**** Records for processing

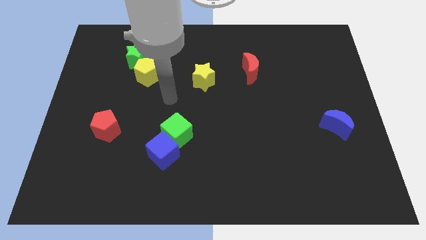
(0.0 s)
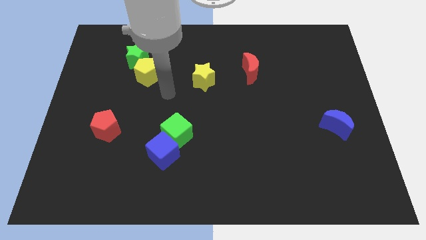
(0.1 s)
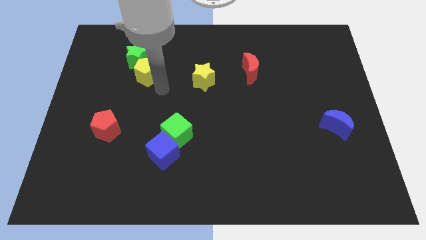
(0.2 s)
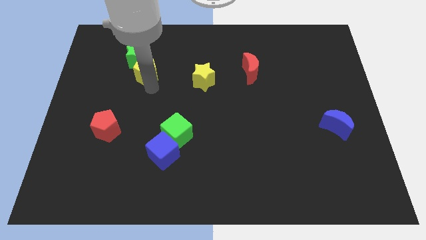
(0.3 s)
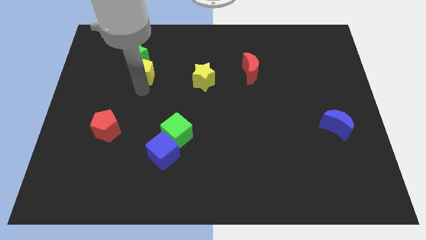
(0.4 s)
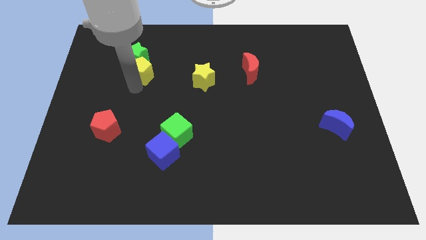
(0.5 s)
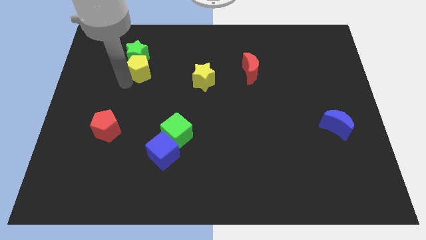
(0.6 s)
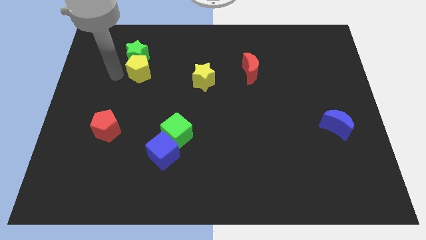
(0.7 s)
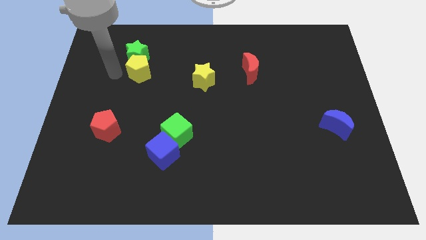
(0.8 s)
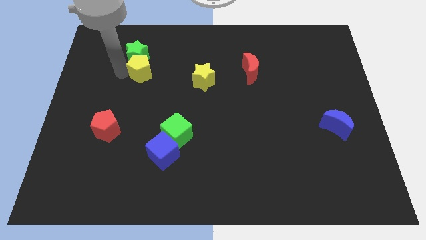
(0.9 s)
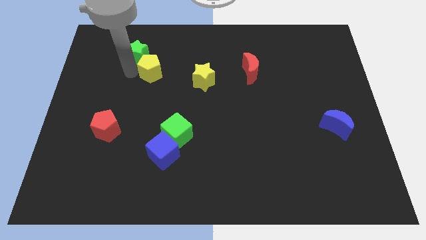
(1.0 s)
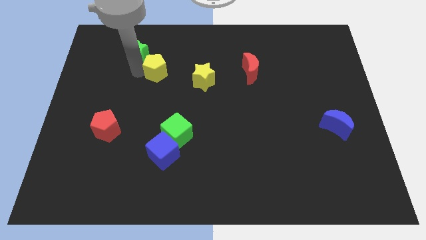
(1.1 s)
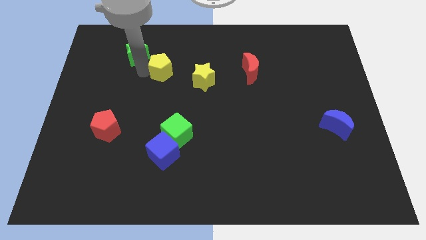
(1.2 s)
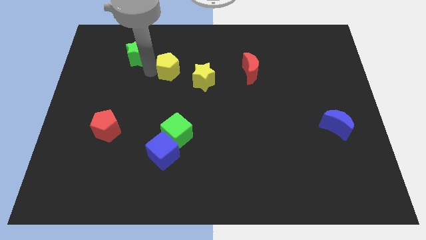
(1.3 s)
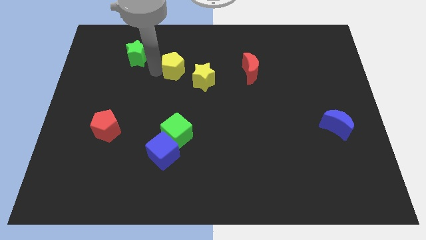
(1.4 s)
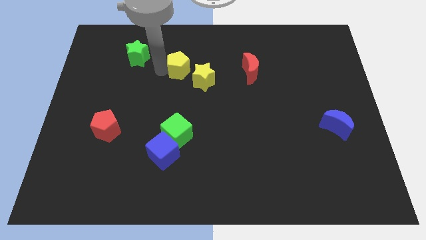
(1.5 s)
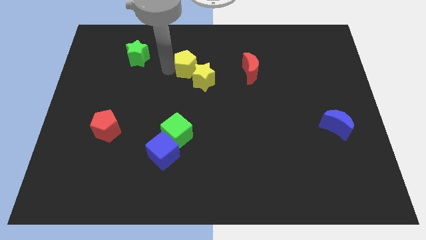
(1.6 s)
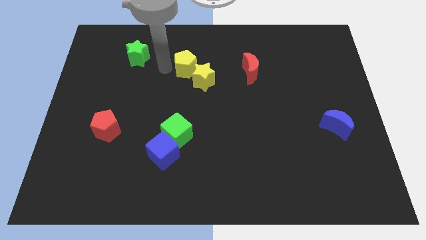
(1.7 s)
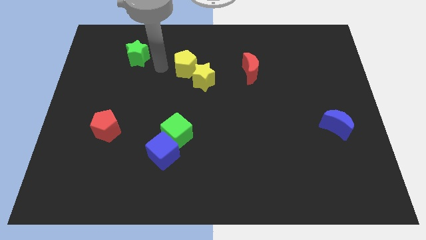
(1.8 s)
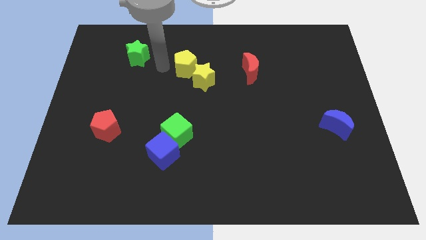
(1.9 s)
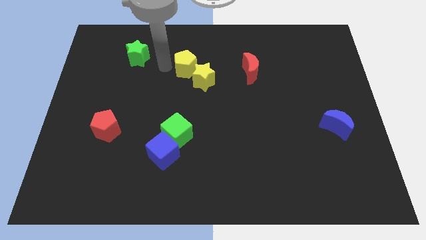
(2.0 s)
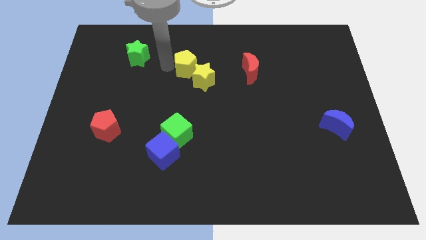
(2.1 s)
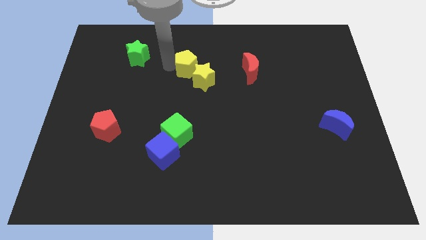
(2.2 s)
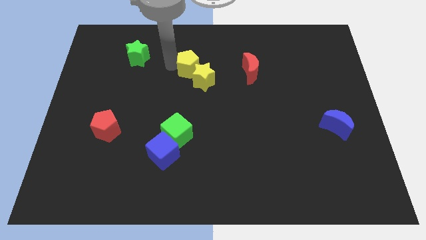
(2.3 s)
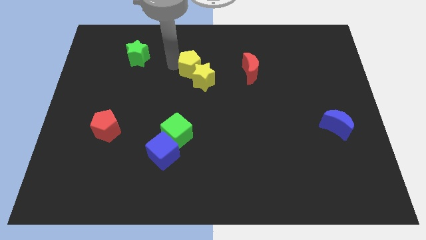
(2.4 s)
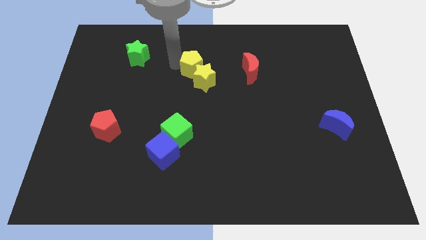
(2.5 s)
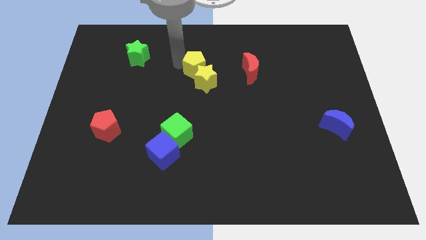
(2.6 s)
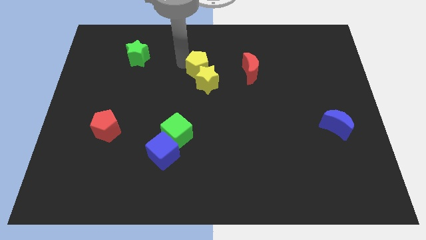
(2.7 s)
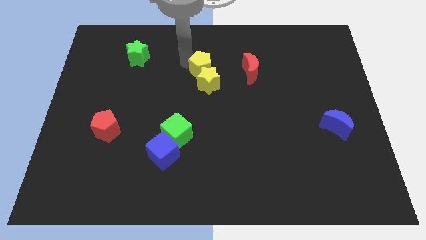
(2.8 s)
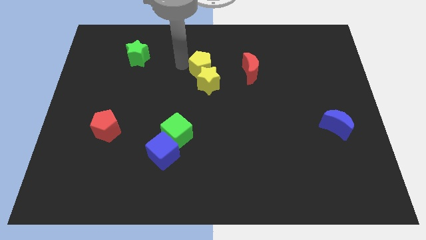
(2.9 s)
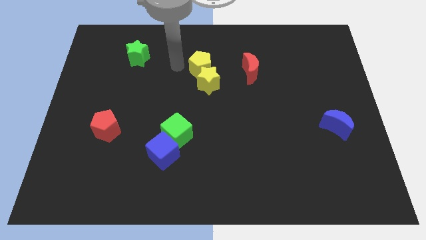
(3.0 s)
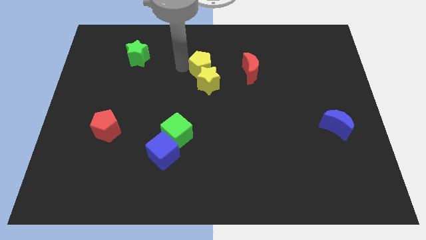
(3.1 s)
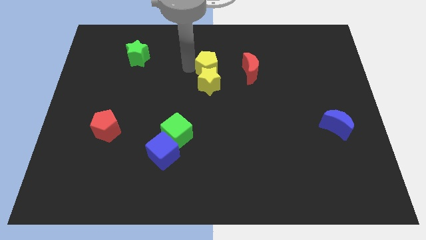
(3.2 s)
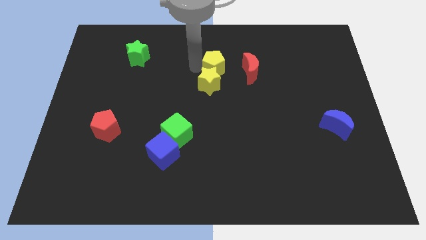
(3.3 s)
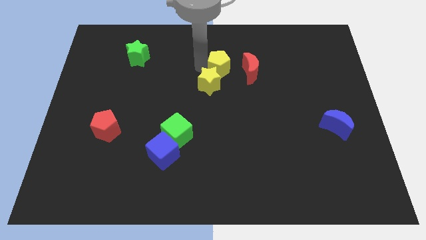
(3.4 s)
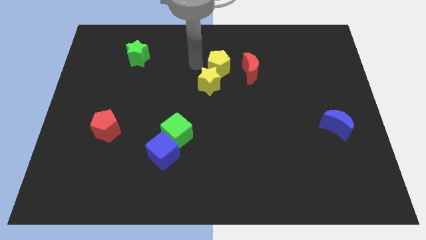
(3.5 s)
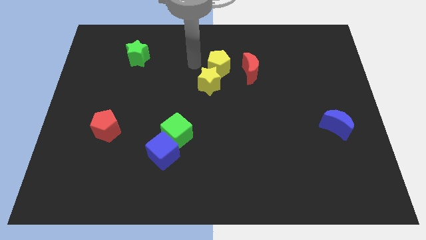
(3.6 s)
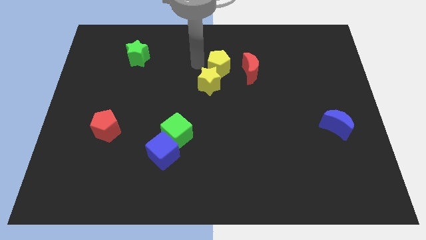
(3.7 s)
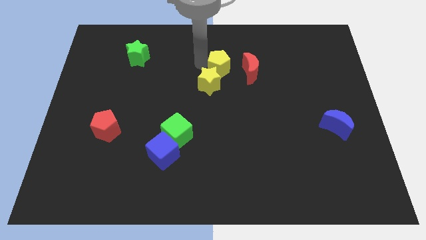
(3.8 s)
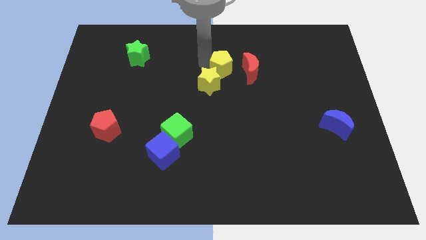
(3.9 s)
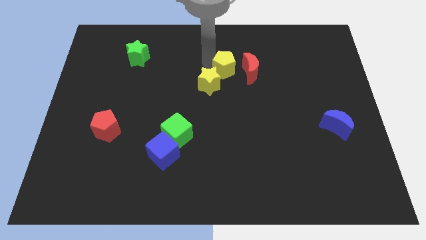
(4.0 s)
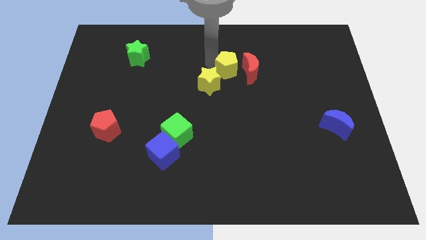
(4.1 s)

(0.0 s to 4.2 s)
put the yellow pentagon close to the red moon

********

• [What is needed]
Copy out every line of the data above, taking care to leave the pictures out.

• [Answer box]
(0.0 s)
(0.1 s)
(0.2 s)
(0.3 s)
(0.4 s)
(0.5 s)
(0.6 s)
(0.7 s)
(0.8 s)
(0.9 s)
(1.0 s)
(1.1 s)
(1.2 s)
(1.3 s)
(1.4 s)
(1.5 s)
(1.6 s)
(1.7 s)
(1.8 s)
(1.9 s)
(2.0 s)
(2.1 s)
(2.2 s)
(2.3 s)
(2.4 s)
(2.5 s)
(2.6 s)
(2.7 s)
(2.8 s)
(2.9 s)
(3.0 s)
(3.1 s)
(3.2 s)
(3.3 s)
(3.4 s)
(3.5 s)
(3.6 s)
(3.7 s)
(3.8 s)
(3.9 s)
(4.0 s)
(4.1 s)

(0.0 s to 4.2 s)
put the yellow pentagon close to the red moon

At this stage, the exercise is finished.